People aren't buying new phones because there is little marginal utility in
upgrading anymore.

We can break the innovation opportunities down into several areas:

1\. _Hardware_

2\. _Operating System_

3\. _Software /Apps_

 _Hardware_ hasn't been innovated. The closest thing we got was the hope of a
modular phone that was bought for the patents (?) and killed inside of google.
The best thing we get is better cameras, biometrics, and screen resolution.
Not many people care about cameras (not including selfies), biometrics is sort
of a lame duck (who needs their face constantly scanned? or fingerprints as
passwords for everything), screen resolution doesn't anymore because the
screen size is so small -- majority of people play easy games, like LoL, PUBG,
and Candy Crush clones.

 _Operating system_ experience is converging on features between iOS/Android
to the point they are really indistinguishable.
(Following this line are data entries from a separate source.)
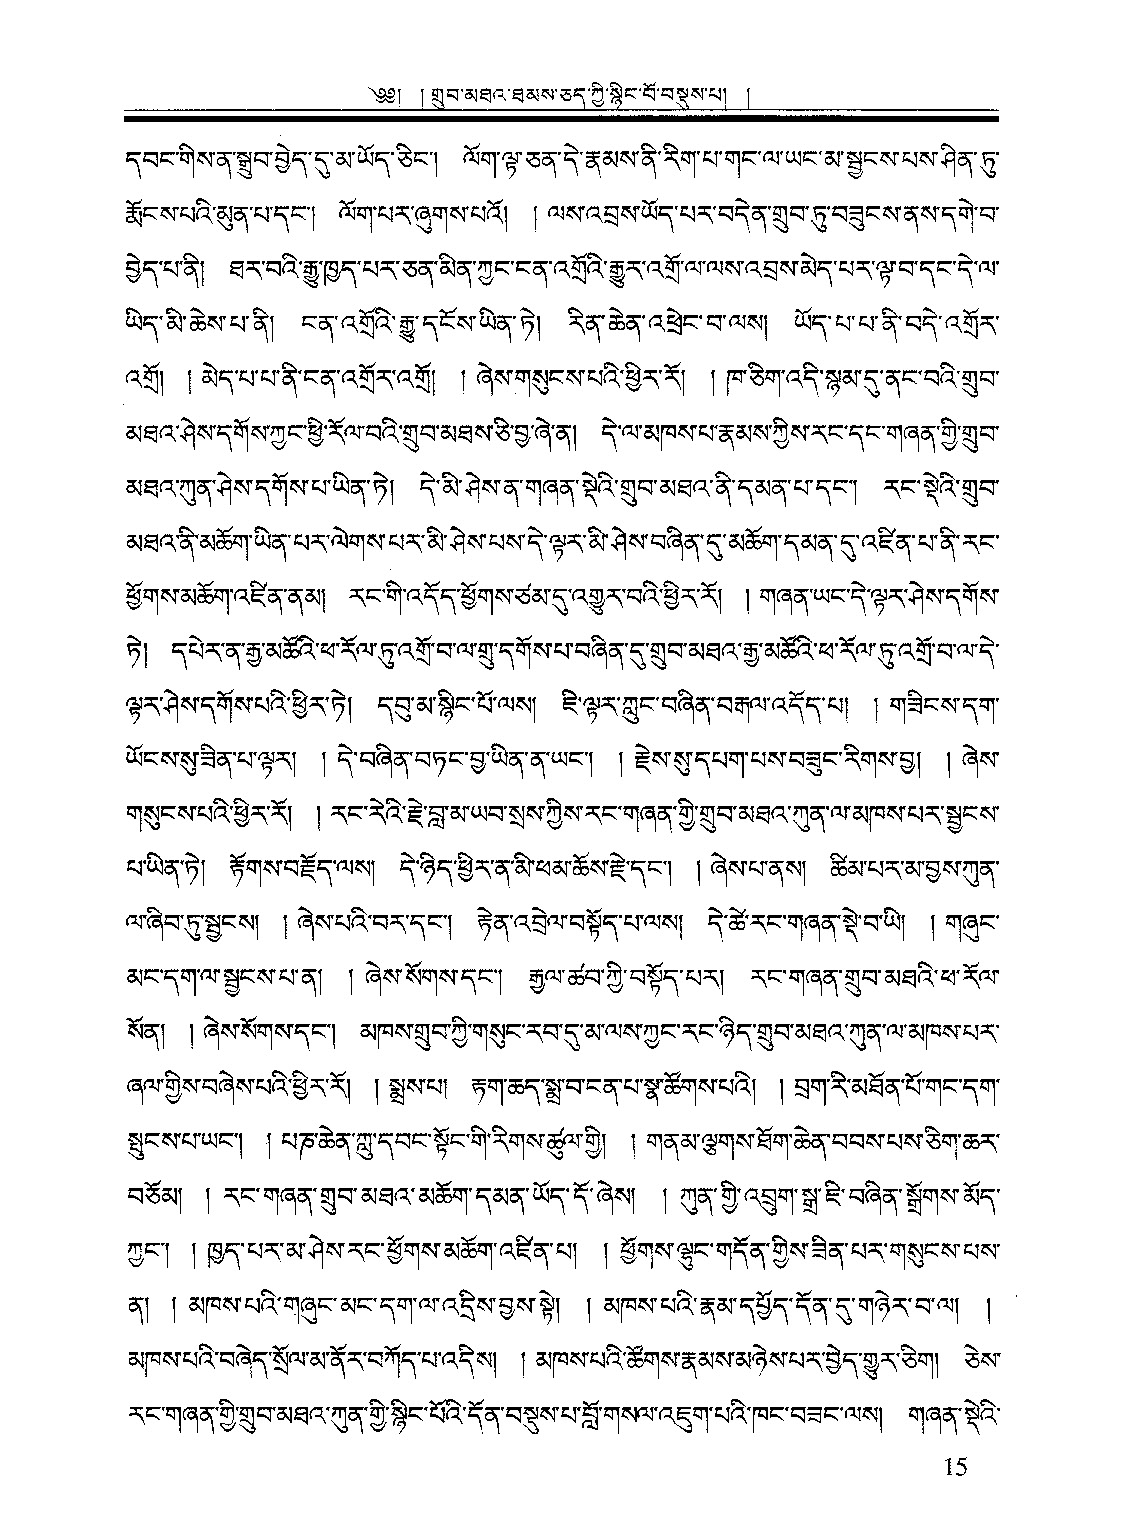དབང་གིས་ན་སྒྲུབ་བྱེད་དུ་མ་ཡོད་ཅིང་། ལོག་ལྟ་ཅན་དེ་རྣམས་ནི་རིག་པ་གང་ལ་ཡང་མ་སྦྱངས་པས་ཤིན་ཏུ་
རྨོངས་པའི་མུན་པ་དང་། ལོག་པར་ཞུགས་པའོ། །ལས་འབྲས་ཡོད་པར་བདེན་གྲུབ་ཏུ་བཟུངས་ནས་དགེ་བ་
བྱེད་པ་ནི། ཐར་བའི་རྒྱུ་ཁྱད་པར་ཅན་མིན་ཀྱང་ངན་འགྲོའི་རྒྱུར་འགྲོ་ལ་ལས་འབྲས་མེད་པར་ལྟ་བ་དང་དེ་ལ་
ཡིད་མི་ཆེས་པ་ནི། ངན་འགྲོའི་རྒྱུ་དངོས་ཡིན་ཏེ། རིན་ཆེན་འཕྲེང་བ་ལས། ཡོད་པ་པ་ནི་བདེ་འགྲོར་
འགྲོ། །མེད་པ་པ་ནི་ངན་འགྲོར་འགྲོ། །ཞེས་གསུངས་པའི་ཕྱིར་རོ། །ཁ་ཅིག་འདི་སྙམ་དུ་ནང་བའི་གྲུབ་
མཐའ་ཤེས་དགོས་ཀྱང་ཕྱི་རོལ་བའི་གྲུབ་མཐས་ཅི་བྱ་ཞེ་ན། དེ་ལ་མཁས་པ་རྣམས་ཀྱིས་རང་དང་གཞན་གྱི་གྲུབ་
མཐའ་ཀུན་ཤེས་དགོས་པ་ཡིན་ཏེ། དེ་མི་ཤེས་ན་གཞན་སྡེའི་གྲུབ་མཐའ་ནི་དམན་པ་དང་། རང་སྡེའི་གྲུབ་
མཐའ་ནི་མཆོག་ཡིན་པར་ལེགས་པར་མི་ཤེས་པས་དེ་ལྟར་མི་ཤེས་བཞིན་དུ་མཆོག་དམན་དུ་འཛིན་པ་ནི་རང་
ཕྱོགས་མཆོག་འཛིན་ནམ། རང་གི་འདོད་ཕྱོགས་ཙམ་དུ་འགྱུར་བའི་ཕྱིར་རོ། །གཞན་ཡང་དེ་ལྟར་ཤེས་དགོས་
ཏེ། དཔེར་ན་རྒྱ་མཚོའི་ཕ་རོལ་ཏུ་འགྲོ་བ་ལ་གྲུ་དགོས་པ་བཞིན་དུ་གྲུབ་མཐའ་རྒྱ་མཚོའི་ཕ་རོལ་ཏུ་འགྲོ་བ་ལ་དེ་
ལྟར་ཤེས་དགོས་པའི་ཕྱིར་ཏེ། དབུ་མ་སྙིང་པོ་ལས། ཇི་ལྟར་ཀླུང་བཞིན་བརྒལ་འདོད་པ། །གཟིངས་དག་
ཡོངས་སུ་ཟིན་པ་ལྟར། །དེ་བཞིན་བཏང་བྱ་ཡིན་ན་ཡང་། །རྗེས་སུ་དཔག་པས་བཟུང་རིགས་བྱ། །ཞེས་
གསུངས་པའི་ཕྱིར་རོ། །རང་རེའི་རྗེ་བླ་མ་ཡབ་སྲས་ཀྱིས་རང་གཞན་གྱི་གྲུབ་མཐའ་ཀུན་ལ་མཁས་པར་སྦྱངས་
པ་ཡིན་ཏེ། རྟོགས་བརྗོད་ལས། དེ་ཉིད་ཕྱིར་ན་མི་ཕམ་ཆོས་རྗེ་དང་། །ཞེས་པ་ནས། ཚིམ་པར་མ་བྱས་ཀུན་
ལ་ཞིབ་ཏུ་སྦྱངས། །ཞེས་པའི་བར་དང་། རྟེན་འབྲེལ་བསྟོད་པ་ལས། དེ་ཚེ་རང་གཞན་སྡེ་བ་ཡི། །གཞུང་
མང་དག་ལ་སྦྱངས་པ་ན། །ཞེས་སོགས་དང་། རྒྱལ་ཚབ་ཀྱི་བསྟོད་པར། རང་གཞན་གྲུབ་མཐའི་ཕ་རོལ་
སོན། །ཞེས་སོགས་དང་། མཁས་གྲུབ་ཀྱི་གསུང་རབ་དུ་མ་ལས་ཀྱང་རང་ཉིད་གྲུབ་མཐའ་ཀུན་ལ་མཁས་པར་
ཞལ་གྱིས་བཞེས་པའི་ཕྱིར་རོ། །སྨྲས་པ། རྟག་ཆད་སྨྲ་བ་ངན་པ་སྣ་ཚོགས་པའི། །བྲག་རི་མཐོན་པོ་གང་དག་
སྤུངས་པ་ཡང་། །པཎ་ཆེན་ཀླུ་དབང་སྟོང་གི་རིགས་ཚུལ་གྱི། །གནམ་ལྕགས་ཐོག་ཆེན་བབས་པས་ཅིག་ཆར་
བཅོམ། །རང་གཞན་གྲུབ་མཐའ་མཆོག་དམན་ཡོད་དོ་ཞེས། །ཀུན་གྱི་འབྲུག་སྒྲ་ཇི་བཞིན་སྒྲོགས་མོད་
ཀྱང་། །ཁྱད་པར་མ་ཤེས་རང་ཕྱོགས་མཆོག་འཛིན་པ། །ཕྱོགས་ལྷུང་གདོན་གྱིས་ཟིན་པར་གསུངས་པས་
ན། །མཁས་པའི་གཞུང་མང་དག་ལ་འདྲིས་བྱས་སྟེ། །མཁས་པའི་རྣམ་དཔྱོད་དོན་དུ་གཉེར་བ་ལ། །
མཁས་པའི་བཞེད་སྲོལ་མ་ནོར་བཀོད་པ་འདིས། །མཁས་པའི་ཚོགས་རྣམས་མཉེས་པར་བྱེད་གྱུར་ཅིག། ཅེས་
རང་གཞན་གྱི་གྲུབ་མཐའ་ཀུན་གྱི་སྙིང་པོའི་དོན་བསྡུས་པ་བློ་གསལ་འཇུག་པའི་ཁང་བཟང་ལས། གཞན་སྡེའི་

 _Software_ is limited because of hardware specs, walled gardens, and the
learning curve -- but much more nefariously I software devs might just be
afraid if they build something cool these companies would just turn around and
steal it/bake it into the OS.

Alternatively we could see adoption start moving horizontal into other
peripherals like VR/AR/IoT devices (watches) -- but I'm not holding my breath
on that until I see a company come out with something amazing. For instance
the precursor to the iPhone was the Samsung i300, the leap from the i300 to
the iPhone wasn't that big for me, but it changed a lot of things that just
made sense.

The leap for peripherals right now would be too great to expect a magical
turnaround in adoption -- but I would love to be first in line to be proven
wrong.

So where does that leave us? Well we need to rethink things from the ground up
again. We've hit local maxima with experience.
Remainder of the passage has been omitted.